What is open market seasoning?

Sometimes in the short sale process, you have to follow the lender’s requirements for market seasoning. Even if you know that the property is upside down in value, some lenders will require proof that you have attempted to sell the property at break even price.


Possible Tax Ramifications for Seller

We are not accountants or attorneys. Have available the handout that includes different options available for them to investigate with their legal and tax professionals.

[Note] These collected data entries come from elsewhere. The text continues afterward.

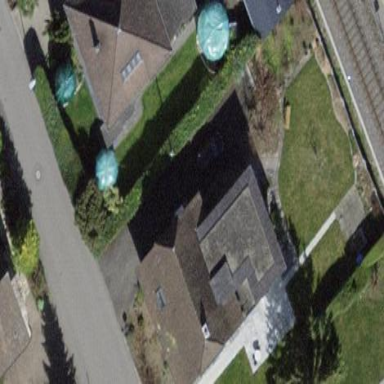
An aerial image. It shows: Residential building with half-hipped roof shape.
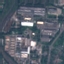
Land use / land cover: Industrial
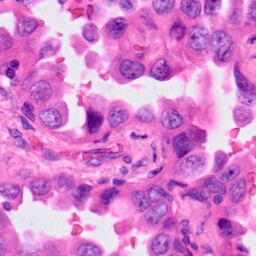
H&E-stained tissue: Lung
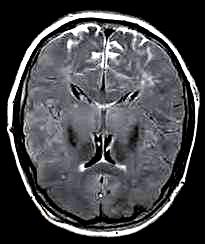
Label: notumor
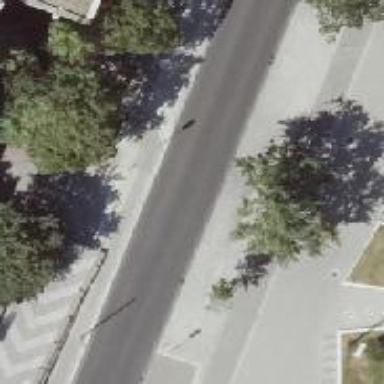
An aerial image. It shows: Unclassified asphalt road with sidewalks on both sides. Tourist bus is present in the scene.
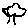
Label: tree
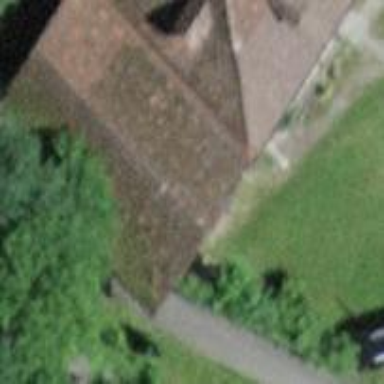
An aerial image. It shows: Rural barn.
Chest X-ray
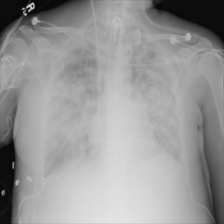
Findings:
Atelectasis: negative
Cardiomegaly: negative
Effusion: negative
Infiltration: negative
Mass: negative
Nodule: positive
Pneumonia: negative
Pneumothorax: negative
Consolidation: negative
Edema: negative
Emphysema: negative
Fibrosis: negative
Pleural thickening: negative
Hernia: negative
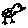
Label: bird
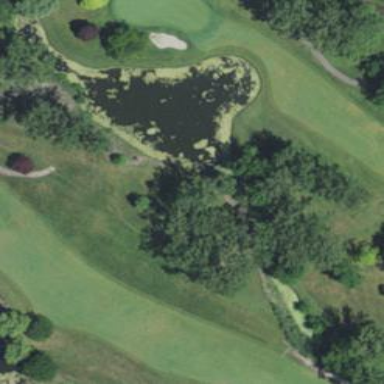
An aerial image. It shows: Golf course feature - pond classified as lateral water hazard.

· Mortgage Forgiveness Debt Relief Act of 2007

· IRS Tax Code HR 3648


Recourse vs. Non-Recourse Loans

Know the difference between recourse and non-recourse loans. (To cover economic issues and choices, certain legal concepts must be mentioned, under no circumstances should real estate licensees attempt to explain or give advice on these issues. This must be left to legal professionals).


Non-Recourse Loans

The borrower is not personally liable for the loan. The lender’s only security is the property itself, not the borrower’s personal assets.

  • 1. Loans secured by and used to purchase an owner / occupant 1-4 unit residential property.
  • 2. Any seller carry back real estate loan secured by the property that is being sold.
  • 3. Must be original purchase loan. Not a refinance.

Recourse Loans

The borrower is personally liable for the loan. The lender’s security is primarily the property but also the borrower’s personal assets. The lender may file a deficiency judgment if the property forecloses and the loan is not fully satisfied. Likewise, the lender may file a deficiency judgment against the borrower based on the lender’s total losses absorbed in a short sale transaction.

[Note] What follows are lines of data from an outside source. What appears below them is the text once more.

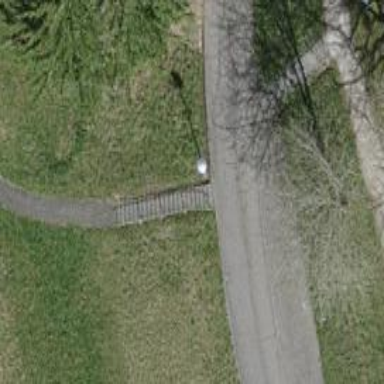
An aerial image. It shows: Set of steps on the road.
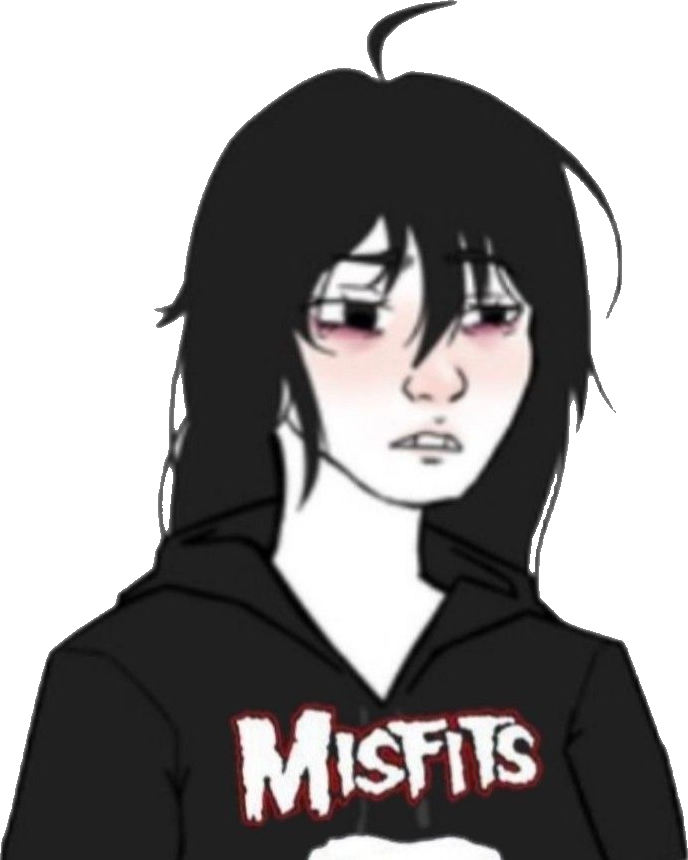
Label: 5_Doomer_Girl
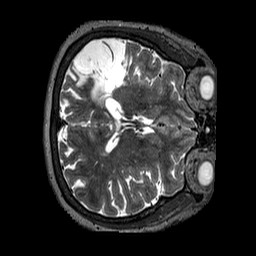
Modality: T2w
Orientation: axial
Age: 59
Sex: female
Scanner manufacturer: siemens
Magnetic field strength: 3 T
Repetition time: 3.2 s
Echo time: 0.567 s
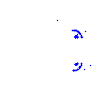
Particle: proton
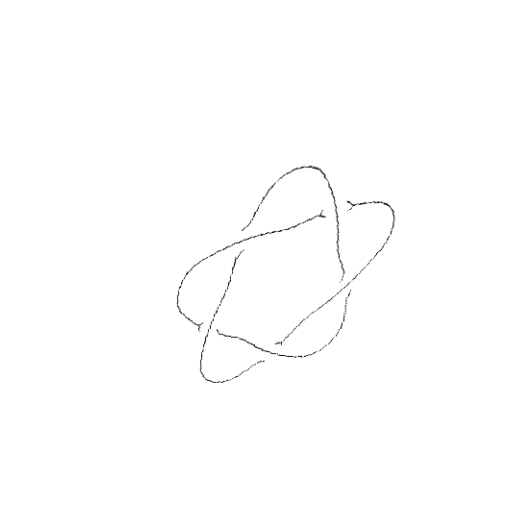
Crossing number: 5
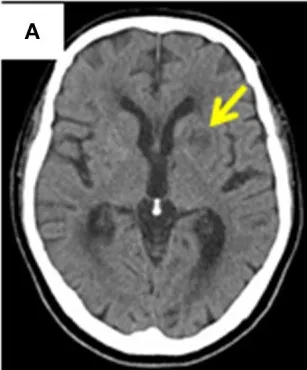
Brain CT and MRI. (A) Axial plain CT reveals a round low-attenuation area with slightly high-attenuation rim in the left lenticular nucleus (arrow).
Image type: radiology (ct)
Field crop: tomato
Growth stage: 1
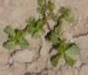
Species: portulaca
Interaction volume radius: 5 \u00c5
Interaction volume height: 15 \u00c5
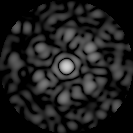
Disorder parameter: 0.6995

Examples of a recourse loan would be:

  • Refinance loans
  • HELOC’s (Home Equity Line of Credit) that were not obtained to purchase the property.

Postponement Tips:

Voluntary Postponement

Most lenders will voluntarily postpone a sheriff sale under the following guidelines:

1. Offer / loan approval

Involuntary Postponement

1. Chapter 7 or 13

Pricing the Listing for Short Sale

  • Low Ball Pricing
  • Break Even Pricing
  • $15,000 to $20,000 below lowest comp pricing / 15-20%

Timing if foreclosure is emanate

  • Notice of Default – 30 days
  • Good time to seek forbearance
  • Be sure to ask for a non-recording forbearance
  • Notice of Foreclosure - 30 days – If you have an offer, you can get an adjournment for up to 90 days to buy more time.
  • Deed in Lieu of Foreclosure
  • Sheriff Sale – Usually need an offer to get sale adjourned or set aside.
  • Lender could bid in less; you need to know from the title company how much your client may have to pay.

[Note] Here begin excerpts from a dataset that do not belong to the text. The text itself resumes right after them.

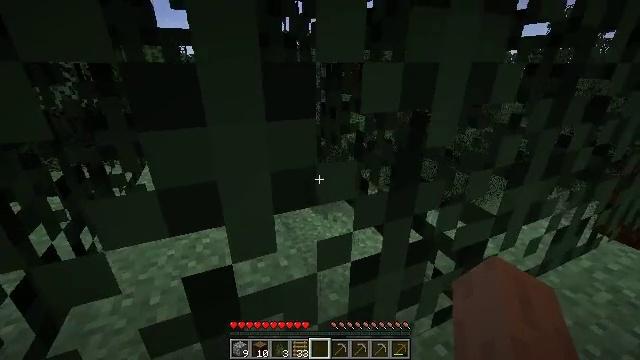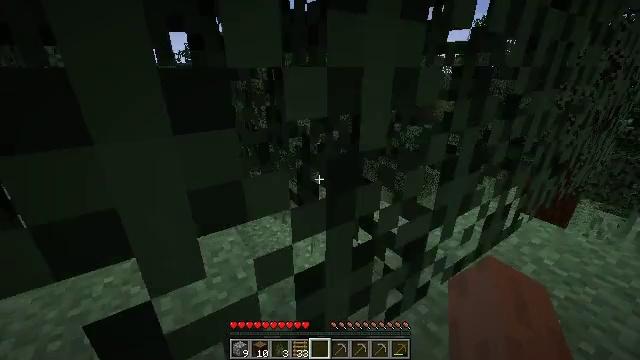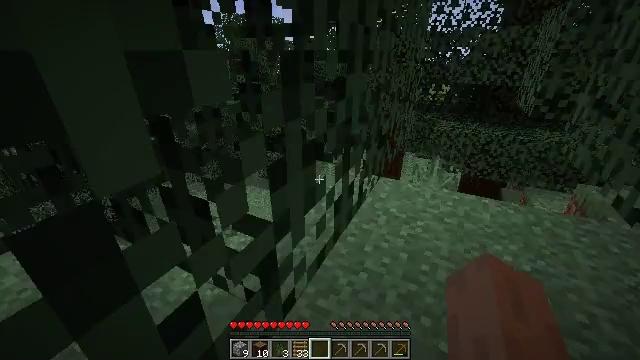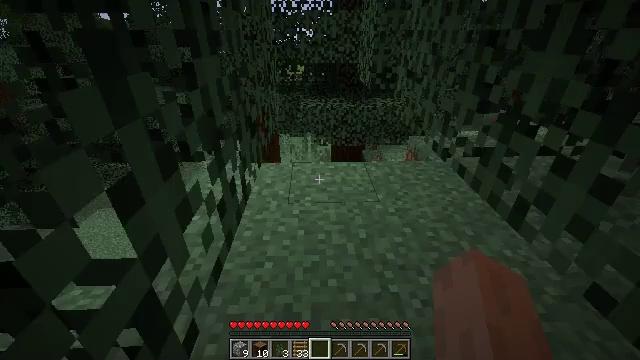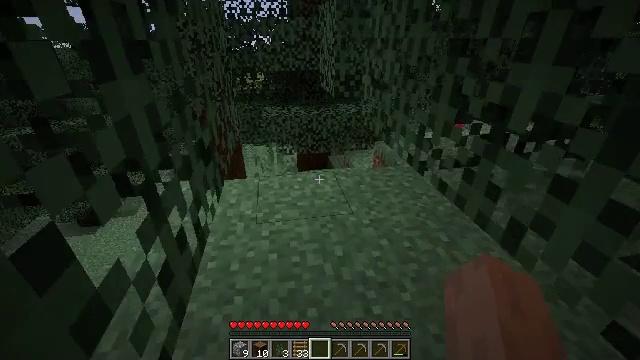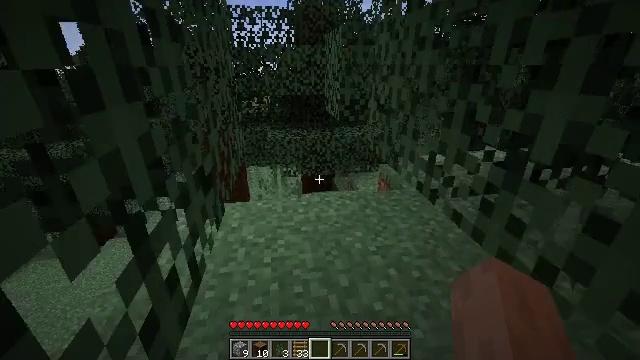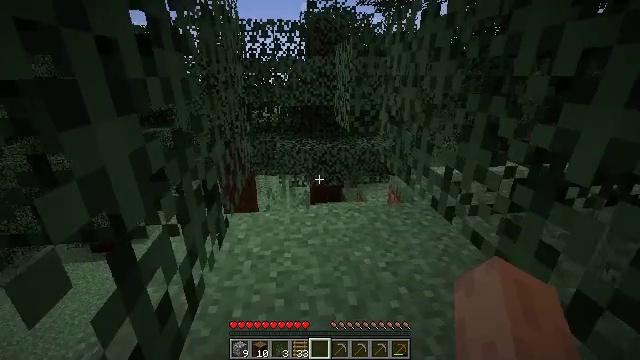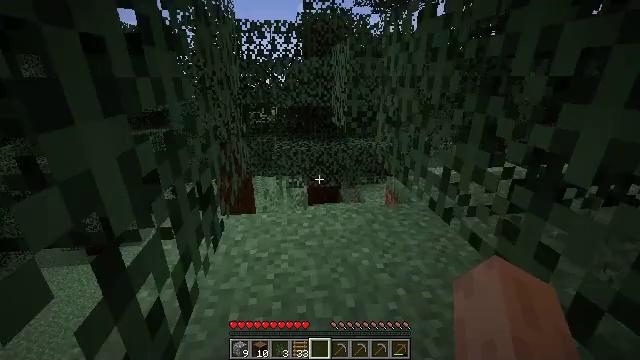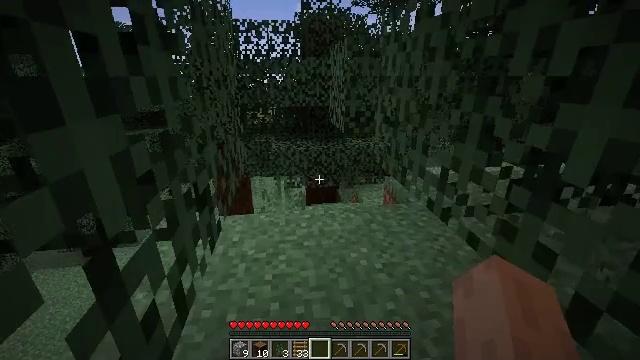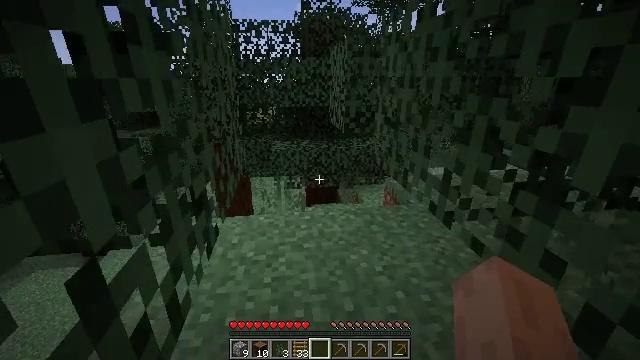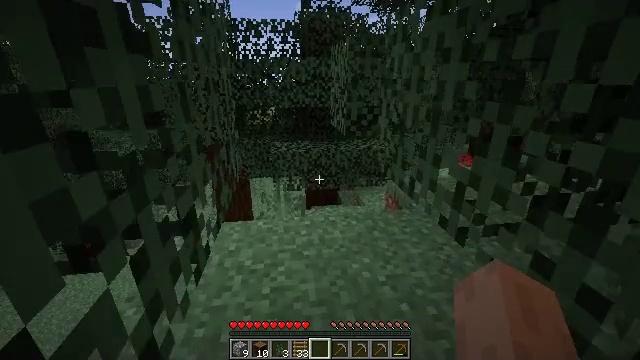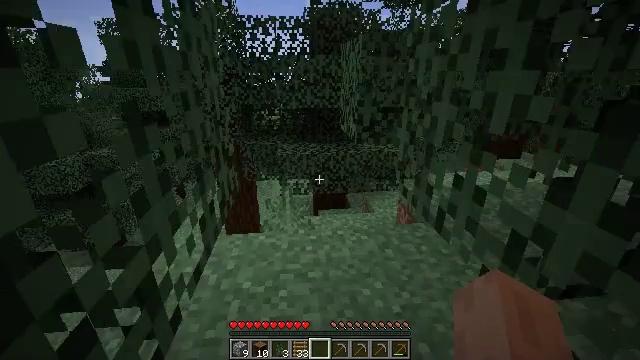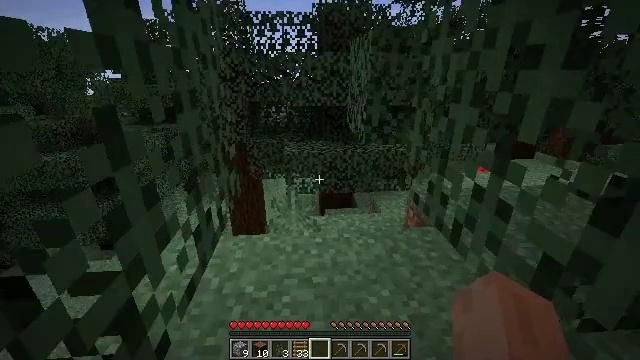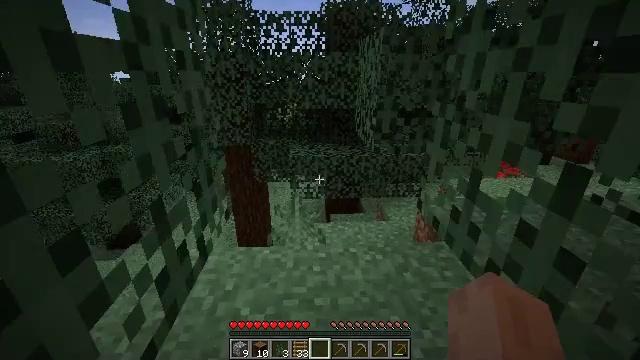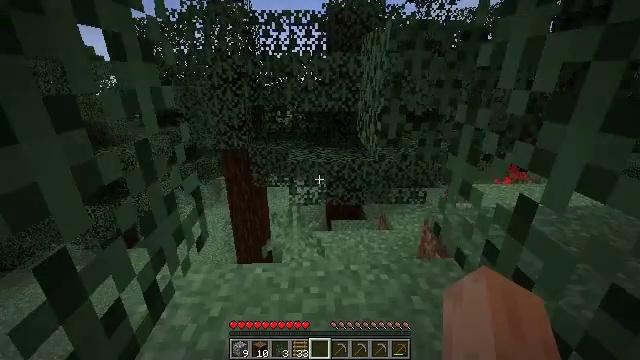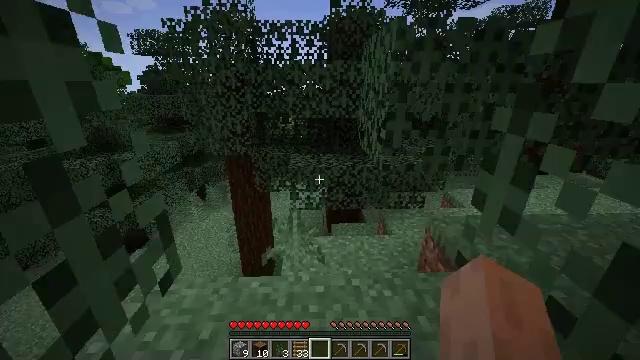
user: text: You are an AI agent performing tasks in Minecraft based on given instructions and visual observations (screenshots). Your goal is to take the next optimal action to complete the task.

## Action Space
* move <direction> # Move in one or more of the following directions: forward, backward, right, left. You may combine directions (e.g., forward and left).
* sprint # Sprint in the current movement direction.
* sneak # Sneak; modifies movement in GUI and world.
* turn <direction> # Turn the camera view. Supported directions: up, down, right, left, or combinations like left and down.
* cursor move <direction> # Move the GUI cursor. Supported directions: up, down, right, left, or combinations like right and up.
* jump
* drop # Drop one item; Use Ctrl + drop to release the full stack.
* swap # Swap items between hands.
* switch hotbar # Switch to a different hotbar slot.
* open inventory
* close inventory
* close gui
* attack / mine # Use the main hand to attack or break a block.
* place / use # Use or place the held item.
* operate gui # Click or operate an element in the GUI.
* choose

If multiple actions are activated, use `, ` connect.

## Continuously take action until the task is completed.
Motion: motion action
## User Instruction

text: Turn spruce logs into planks through crafting.
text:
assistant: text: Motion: move forward, turn right
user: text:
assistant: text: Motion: move forward, turn right and down
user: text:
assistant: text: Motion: move forward, turn right and down
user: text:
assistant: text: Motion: turn right and up
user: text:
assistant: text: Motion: turn up
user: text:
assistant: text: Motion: turn left and up
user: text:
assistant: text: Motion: no_op
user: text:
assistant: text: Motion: no_op
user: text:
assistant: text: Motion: move forward
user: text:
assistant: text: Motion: move forward
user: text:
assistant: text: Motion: move forward, turn left
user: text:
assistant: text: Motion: move forward, turn left
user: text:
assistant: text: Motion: move forward, turn left
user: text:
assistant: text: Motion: move forward, sprint
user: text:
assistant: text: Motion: move forward, sprint
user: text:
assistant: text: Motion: move forward, sprint
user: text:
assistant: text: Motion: move forward, sprint, turn left
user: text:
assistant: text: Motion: move forward, turn left
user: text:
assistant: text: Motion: move forward, turn left
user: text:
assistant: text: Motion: move forward, turn left
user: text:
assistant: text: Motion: move forward, turn left
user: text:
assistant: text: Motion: move forward, sprint, turn left
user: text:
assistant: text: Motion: move forward, sprint, turn left and down
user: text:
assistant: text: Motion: move forward, sprint, turn left and down
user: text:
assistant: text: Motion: move forward, turn left and down
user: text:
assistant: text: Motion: move forward, turn left and up
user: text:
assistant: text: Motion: move forward, turn left
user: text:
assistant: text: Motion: move forward, sprint
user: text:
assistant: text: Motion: move forward, sprint
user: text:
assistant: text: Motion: move forward, sprint

Why banks bid amount is less than what is owed:

  • Mortgage fraud
  • Deficiency judgment against borrower
  • Fair market value

Redemption Period - 6 months for properties under 3 acres – 1 year for most others


Checklist for Short Sale Submission Package

  • Cover letter with a checklist of items enclosed. Include a brief synopsis.
  • Authorization letter for agent to negotiate on behalf of seller.
  • Purchase Agreement / Contract.
  • Copy of Earnest Money Deposit.
  • Copy of new buyer’s pre-approval letter.
  • Net sheet or HUD 1 Settlement Statement.
  • Hardship letter (hand written).
  • Complete financial worksheet (form typically provided by lender).
  • Proof of income for past 2 pay periods.
  • Copies of last 2 bank statements.
  • Copies of last two years of full tax returns with W-2’s and 1099’s (If self-employed, last 2 quarters of P&L statements).
  • List of monthly expenses.

Highly recommended

  • Deferred maintenance photo pages with captions.
  • Broker’s Price Opinion (BPO)/ CMA
  • Itemized cost breakdown.
  • Neighborhood foreclosure statistics.
  • Proof of active listings in the area that are lower in price and not selling.
  • Copy of MLS printout if the property has been on the market for a long time.
  • Exclusive right to sell.
  • Showing desk record of showings and feedback.

Remember when you are submitting an offer to include the every document every time with the name of borrower and loan number referenced on each page that you submit.